The Problem of Love

The Problem of Love

JPI 640
3 Credits

While most people intuit what love is and recognize it when they see it, it is not always easy to say what it is.  Its vast array of meanings (desire, giving, receiving, “eros,” “agape”) applied to the highest and lowest of activities (theological virtue, sex)—not to mention the variety of objects (wine, self, neighbor, God, enemies?) and subjects (the creature, God)—make this effort particularly difficult.  It is easy to think that such meanings have nothing to do with each other (Nygren) and choose one aspect (“good”) over the others (“bad”), instead of grasping the phenomenon of love it in its wholeness.

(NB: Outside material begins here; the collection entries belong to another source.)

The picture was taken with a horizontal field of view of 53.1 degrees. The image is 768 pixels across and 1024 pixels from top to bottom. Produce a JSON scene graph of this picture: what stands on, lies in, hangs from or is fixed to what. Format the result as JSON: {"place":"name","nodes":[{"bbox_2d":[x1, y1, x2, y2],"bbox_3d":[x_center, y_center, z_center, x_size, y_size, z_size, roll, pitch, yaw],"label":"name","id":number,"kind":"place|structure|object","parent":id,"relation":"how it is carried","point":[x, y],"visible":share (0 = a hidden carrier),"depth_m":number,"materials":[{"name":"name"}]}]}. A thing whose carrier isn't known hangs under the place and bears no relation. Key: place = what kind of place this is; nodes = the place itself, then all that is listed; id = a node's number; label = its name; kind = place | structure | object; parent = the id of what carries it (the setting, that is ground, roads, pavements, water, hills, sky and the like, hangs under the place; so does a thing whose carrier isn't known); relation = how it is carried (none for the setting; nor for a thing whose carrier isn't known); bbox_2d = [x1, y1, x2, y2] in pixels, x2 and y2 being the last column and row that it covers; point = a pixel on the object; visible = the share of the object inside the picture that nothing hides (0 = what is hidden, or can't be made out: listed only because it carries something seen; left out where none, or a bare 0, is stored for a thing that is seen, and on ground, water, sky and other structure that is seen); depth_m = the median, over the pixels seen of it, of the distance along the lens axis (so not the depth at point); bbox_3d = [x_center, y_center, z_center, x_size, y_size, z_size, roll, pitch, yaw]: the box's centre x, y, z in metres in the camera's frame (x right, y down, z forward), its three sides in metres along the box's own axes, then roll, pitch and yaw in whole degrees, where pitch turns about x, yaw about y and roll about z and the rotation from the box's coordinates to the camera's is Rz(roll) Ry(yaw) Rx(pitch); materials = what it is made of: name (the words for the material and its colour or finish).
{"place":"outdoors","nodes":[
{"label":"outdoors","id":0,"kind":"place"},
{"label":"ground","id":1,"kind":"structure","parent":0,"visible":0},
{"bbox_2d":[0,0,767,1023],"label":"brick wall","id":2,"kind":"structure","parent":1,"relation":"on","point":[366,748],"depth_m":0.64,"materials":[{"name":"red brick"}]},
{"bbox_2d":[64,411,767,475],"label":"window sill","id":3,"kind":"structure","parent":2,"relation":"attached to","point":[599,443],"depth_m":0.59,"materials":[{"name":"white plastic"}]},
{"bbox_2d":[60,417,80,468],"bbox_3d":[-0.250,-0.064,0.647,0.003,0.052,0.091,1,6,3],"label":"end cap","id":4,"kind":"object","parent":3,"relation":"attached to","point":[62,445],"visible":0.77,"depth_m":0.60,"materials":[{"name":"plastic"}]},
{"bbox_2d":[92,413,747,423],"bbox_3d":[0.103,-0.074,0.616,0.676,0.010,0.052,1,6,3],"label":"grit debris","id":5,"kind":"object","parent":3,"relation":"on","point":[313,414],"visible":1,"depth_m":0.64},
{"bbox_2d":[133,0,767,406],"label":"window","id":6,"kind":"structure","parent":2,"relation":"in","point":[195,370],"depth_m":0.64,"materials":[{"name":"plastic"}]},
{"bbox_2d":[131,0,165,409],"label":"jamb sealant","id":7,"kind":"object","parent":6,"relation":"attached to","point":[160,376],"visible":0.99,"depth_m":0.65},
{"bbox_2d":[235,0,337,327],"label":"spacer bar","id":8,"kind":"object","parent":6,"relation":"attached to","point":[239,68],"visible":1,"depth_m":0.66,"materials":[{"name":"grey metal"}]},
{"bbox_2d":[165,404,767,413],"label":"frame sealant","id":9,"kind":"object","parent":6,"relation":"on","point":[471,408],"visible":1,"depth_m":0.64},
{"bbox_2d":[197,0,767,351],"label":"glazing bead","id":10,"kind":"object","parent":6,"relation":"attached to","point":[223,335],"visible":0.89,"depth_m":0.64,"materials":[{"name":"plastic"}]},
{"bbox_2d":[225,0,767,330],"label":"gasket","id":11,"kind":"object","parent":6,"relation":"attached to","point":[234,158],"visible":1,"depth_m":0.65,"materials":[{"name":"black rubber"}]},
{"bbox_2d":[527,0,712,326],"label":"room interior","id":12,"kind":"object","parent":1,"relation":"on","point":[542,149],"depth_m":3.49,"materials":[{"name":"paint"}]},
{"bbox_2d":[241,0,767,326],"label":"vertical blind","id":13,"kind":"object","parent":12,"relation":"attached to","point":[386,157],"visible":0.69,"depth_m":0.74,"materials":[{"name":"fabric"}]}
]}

Moreover, while everyone experiences love as dramatic, often problematic, most do not think of love as a philosophical and theological question.  And when it is considered in thought, it is trivialized, be it in the objective “scientific” sphere (as a biological product which confers evolutionary benefits), or the subjective one (feelings).  On the contrary, in the Western intellectual tradition, love is a central category with deep metaphysical bearings, beginning with the eros of the soul for Beauty/Eternity (Plato), to the “desire for happiness” (human flourishing) ending in “friendship in virtue” (Aristotle), to the Beauty/Good that loves (even yearns) and is Himself Love (Christian revelation). 

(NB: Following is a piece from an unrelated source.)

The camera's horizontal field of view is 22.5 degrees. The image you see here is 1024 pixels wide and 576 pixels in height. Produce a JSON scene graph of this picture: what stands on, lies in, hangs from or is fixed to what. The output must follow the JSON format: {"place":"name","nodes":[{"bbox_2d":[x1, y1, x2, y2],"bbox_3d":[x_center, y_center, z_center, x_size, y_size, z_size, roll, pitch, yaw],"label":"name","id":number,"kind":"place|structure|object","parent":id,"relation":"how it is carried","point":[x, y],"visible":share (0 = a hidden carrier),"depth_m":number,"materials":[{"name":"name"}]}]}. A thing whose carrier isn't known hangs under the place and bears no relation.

This course will probe that tradition with an eye to what Christianity brings to it.   The fact that God is Love and that He loves the world first, creating it “freely” (willingly) and “out of goodness,” but also “cares” for it, brings in something entirely new to human thought. 

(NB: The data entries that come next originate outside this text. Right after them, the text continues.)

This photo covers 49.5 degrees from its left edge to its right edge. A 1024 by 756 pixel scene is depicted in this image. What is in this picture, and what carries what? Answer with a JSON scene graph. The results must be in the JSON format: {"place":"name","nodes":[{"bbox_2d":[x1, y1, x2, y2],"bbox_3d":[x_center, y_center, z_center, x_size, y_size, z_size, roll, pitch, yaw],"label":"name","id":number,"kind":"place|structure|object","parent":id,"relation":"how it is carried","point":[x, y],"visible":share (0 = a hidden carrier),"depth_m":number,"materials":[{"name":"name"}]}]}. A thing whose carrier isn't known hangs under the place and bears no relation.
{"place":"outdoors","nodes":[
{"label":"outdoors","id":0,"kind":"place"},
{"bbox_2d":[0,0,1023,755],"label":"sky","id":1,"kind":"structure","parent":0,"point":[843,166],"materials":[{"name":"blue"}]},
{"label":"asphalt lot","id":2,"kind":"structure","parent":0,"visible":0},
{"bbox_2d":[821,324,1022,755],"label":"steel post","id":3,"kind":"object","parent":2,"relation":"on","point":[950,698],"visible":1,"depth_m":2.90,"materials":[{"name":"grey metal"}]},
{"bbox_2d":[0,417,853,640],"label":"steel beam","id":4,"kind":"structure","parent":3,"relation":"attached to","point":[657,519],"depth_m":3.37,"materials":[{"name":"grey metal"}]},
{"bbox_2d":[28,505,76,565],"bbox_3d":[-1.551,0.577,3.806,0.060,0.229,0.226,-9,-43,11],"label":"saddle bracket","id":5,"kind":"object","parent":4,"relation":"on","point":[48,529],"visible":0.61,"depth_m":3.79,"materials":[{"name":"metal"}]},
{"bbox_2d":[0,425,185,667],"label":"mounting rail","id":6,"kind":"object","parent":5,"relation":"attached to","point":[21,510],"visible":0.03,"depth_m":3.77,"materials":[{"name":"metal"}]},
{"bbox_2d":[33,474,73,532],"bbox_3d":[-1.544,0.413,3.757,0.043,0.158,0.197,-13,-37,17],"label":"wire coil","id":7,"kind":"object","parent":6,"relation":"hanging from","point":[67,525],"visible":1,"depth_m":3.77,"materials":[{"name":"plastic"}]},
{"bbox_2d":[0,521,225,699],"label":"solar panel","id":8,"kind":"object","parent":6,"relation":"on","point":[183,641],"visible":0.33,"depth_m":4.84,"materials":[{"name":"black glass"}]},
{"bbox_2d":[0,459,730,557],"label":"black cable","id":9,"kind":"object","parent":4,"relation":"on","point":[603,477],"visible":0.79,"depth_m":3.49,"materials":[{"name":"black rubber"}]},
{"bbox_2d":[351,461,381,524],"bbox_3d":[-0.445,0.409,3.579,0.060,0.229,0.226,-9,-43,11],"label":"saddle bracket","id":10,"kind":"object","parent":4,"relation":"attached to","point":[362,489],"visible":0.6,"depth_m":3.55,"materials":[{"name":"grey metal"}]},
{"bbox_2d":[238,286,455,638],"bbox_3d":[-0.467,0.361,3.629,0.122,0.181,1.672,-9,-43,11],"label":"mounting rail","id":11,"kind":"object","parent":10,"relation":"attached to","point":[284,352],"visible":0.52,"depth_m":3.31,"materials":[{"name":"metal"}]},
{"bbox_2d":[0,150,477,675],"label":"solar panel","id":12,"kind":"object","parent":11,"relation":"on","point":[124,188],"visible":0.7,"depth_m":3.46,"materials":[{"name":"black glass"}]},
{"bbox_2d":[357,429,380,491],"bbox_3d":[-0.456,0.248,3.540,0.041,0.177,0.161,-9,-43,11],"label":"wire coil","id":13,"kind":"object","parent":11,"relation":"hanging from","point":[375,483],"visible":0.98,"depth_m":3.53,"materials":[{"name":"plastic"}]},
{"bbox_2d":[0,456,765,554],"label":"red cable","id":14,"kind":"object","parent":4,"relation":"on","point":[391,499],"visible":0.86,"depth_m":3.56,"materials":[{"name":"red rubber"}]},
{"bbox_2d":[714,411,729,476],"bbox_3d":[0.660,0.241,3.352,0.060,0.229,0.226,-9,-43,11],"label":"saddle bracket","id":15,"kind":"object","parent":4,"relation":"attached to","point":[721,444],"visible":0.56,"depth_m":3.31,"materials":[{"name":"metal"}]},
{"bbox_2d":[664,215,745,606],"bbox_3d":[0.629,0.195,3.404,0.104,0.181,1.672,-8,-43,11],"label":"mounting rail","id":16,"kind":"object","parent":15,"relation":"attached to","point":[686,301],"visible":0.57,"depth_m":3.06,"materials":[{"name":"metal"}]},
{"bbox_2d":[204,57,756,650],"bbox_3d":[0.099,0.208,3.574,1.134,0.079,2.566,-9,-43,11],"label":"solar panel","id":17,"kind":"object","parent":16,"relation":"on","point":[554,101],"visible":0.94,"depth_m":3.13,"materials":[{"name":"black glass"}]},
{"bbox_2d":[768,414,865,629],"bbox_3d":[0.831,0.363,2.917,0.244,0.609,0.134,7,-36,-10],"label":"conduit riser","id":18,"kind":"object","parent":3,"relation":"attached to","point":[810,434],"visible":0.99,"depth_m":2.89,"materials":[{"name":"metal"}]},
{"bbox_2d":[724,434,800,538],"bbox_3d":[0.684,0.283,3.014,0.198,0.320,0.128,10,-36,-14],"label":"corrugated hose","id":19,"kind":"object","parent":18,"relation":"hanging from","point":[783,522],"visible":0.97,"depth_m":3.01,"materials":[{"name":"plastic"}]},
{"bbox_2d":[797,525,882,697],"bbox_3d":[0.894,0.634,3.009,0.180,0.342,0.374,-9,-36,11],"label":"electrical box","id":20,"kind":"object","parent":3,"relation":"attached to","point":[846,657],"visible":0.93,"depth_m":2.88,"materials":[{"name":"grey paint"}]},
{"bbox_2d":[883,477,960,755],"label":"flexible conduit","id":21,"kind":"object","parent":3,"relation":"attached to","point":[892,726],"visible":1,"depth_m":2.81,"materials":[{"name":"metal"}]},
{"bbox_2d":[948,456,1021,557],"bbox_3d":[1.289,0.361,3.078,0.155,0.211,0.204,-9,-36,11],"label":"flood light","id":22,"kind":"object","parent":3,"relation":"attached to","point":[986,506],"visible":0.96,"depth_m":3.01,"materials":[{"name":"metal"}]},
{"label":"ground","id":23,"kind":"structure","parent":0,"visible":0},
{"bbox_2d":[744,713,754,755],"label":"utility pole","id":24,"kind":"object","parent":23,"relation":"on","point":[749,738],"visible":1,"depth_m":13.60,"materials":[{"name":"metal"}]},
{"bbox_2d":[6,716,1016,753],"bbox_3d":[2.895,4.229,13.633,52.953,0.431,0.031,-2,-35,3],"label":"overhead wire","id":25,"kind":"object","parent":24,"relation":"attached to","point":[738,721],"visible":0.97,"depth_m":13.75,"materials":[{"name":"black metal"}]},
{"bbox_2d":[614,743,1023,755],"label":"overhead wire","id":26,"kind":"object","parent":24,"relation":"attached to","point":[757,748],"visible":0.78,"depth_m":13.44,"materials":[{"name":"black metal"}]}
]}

The course follows an historical trajectory, beginning with Plato (eros), Aristotle (the three friendships) St. Augustine (the utifrui distinction), the Cistercians and Victorines (the “stages” of the love of God), St. Thomas (the natural desire for happiness, love as a passion, the two-fold distinction, and the order of love), and, finally, modern and post-modern altruism (Comte, Mill, Derrida).  The course will end with a consideration of the nature of the Christian novelty with respect to love (Richard of St. Victor, von Balthasar, Dante).

Selected Texts

Faculty

Margaret Harper McCarthy

Margaret Harper McCarthy

Associate Professor of Theological Anthropology

Dr. McCarthy’s teaching and writing focuses on various themes belonging to theological anthropology relative to the question of sexual difference (the imago Dei, equality, experience, feminism, the nature of love), but also relative to the nature-grace question (Christocentrism, predestination, the relation between the church and the world).